Michel Foucault has been a kind of godfather to progressive intellectuals since the 1960s, when he ousted Karl Marx as the de facto theoretical fountainhead for the academic left. According to Google Scholar, he is the single most cited author in academe. Foucault’s worldview has spread throughout the humanities and social sciences, and he is correctly viewed as the theoretical forebear of what its critics pejoratively call grievance studies. Women’s studies, critical theory, queer theory and a profusion of feminist fields, among others, all owe a heavy debt to Foucault. When some conservatives grumble about cultural Marxism, what they are often criticizing—without knowing it—is Foucauldian thought, as progressive scholars often point out. However, Foucault deserves a sympathetic treatment independently of the culture wars. I will focus here on the most relevant aspect of his work. This will doubtless do some violence to Foucault’s ideas, but to confine a text in order to assert power over it is a Foucauldian strategy anyway, as we will see.
Now, while some ideological excesses can largely be traced back to Foucault, it would be a strategic error to ignore him completely because his work amounts, in part, to a technology of cultural conflict, which can be serviceable for correcting real problems. To understand what the Social Justice ideologues are doing, and how, it helps to understand Foucault.

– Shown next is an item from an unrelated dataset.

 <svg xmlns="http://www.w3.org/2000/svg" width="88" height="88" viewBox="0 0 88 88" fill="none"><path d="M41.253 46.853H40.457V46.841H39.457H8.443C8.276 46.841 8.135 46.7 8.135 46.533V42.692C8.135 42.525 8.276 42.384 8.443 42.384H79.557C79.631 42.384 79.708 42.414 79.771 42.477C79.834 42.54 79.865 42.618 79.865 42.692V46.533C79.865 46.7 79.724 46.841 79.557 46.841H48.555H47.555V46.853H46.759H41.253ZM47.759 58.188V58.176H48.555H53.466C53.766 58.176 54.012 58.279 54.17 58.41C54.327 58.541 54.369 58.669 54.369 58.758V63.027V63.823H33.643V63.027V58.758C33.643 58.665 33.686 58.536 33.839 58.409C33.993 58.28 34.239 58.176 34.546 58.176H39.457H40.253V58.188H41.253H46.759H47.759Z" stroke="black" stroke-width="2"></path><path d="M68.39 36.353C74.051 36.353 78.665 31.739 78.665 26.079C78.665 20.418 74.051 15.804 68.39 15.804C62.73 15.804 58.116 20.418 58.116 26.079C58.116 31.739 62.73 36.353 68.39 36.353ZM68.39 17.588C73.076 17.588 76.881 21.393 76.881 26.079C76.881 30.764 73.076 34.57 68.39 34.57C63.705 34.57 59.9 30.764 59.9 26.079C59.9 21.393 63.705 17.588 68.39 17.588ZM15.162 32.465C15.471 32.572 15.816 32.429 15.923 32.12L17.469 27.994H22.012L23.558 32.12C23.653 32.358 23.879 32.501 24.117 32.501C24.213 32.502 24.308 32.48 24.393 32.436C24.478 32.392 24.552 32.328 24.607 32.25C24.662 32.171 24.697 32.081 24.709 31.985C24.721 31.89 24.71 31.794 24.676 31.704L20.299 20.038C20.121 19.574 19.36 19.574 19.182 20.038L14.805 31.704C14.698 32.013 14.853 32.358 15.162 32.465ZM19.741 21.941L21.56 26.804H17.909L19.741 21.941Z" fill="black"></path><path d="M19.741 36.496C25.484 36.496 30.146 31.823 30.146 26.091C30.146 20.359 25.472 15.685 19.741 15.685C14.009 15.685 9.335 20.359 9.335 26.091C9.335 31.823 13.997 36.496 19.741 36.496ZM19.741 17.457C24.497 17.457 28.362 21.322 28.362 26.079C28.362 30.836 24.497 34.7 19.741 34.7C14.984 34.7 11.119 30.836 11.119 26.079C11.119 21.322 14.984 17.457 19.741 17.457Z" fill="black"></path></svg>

Paul-Michel Foucault was born in 1926, to an upper-middle-class family in Poitiers, France. His father was a surgeon: socially conservative, nominally Catholic and very strict. Michel was rebellious, independent, strong-willed and homosexual. In 1948, after he attempted suicide, he began consulting a psychiatrist at his father’s bidding. Much of Foucault’s work revolves around madness, punishment, confinement, psychology, sexuality and medicine, and he had a notable sympathy for marginalized groups, such as prisoners and madmen. Much of his work consists of critical history, or close skeptical examinations of historical texts. The Archaeology Of Knowledge, published in 1969, is a lucid, if dense, manifesto, which provides deep insights into the thinking of Foucault and those he influenced, which currently includes most of the humanist side of the academy.
Foucault’s basic method is to take a text and, studiously ignoring the truth or falsity of its claims, understand its use of words in terms of power, justification, authority and subjection. Rather than asking, is this true? or what reasoning led to this conclusion?, Foucault invites us to ask, who said this, on what authority, and what are they justifying? I call these the three Foucauldian questions.
Take the diagnosis of sluggish schizophrenia, a common political abuse of psychology in the Soviet Union. Political dissidents who could not be disappeared to a gulag were often confined to mental hospitals and diagnosed with various mental disorders, both to justify their continued confinement and to discredit them. When we read the term sluggish schizophrenia in Foucauldian terms, we would not say that it is a political abuse of psychology because it is false—since truth and falsehood are irrelevant to us. Instead, we assume that the use of this term was an outgrowth of institutional power. We don’t ask, were the patients really schizophrenic? but who said this, on what authority, and what was justified by saying this? The answers are, respectively, the Soviet psychiatrists, the Soviet government and the confinement of political dissidents.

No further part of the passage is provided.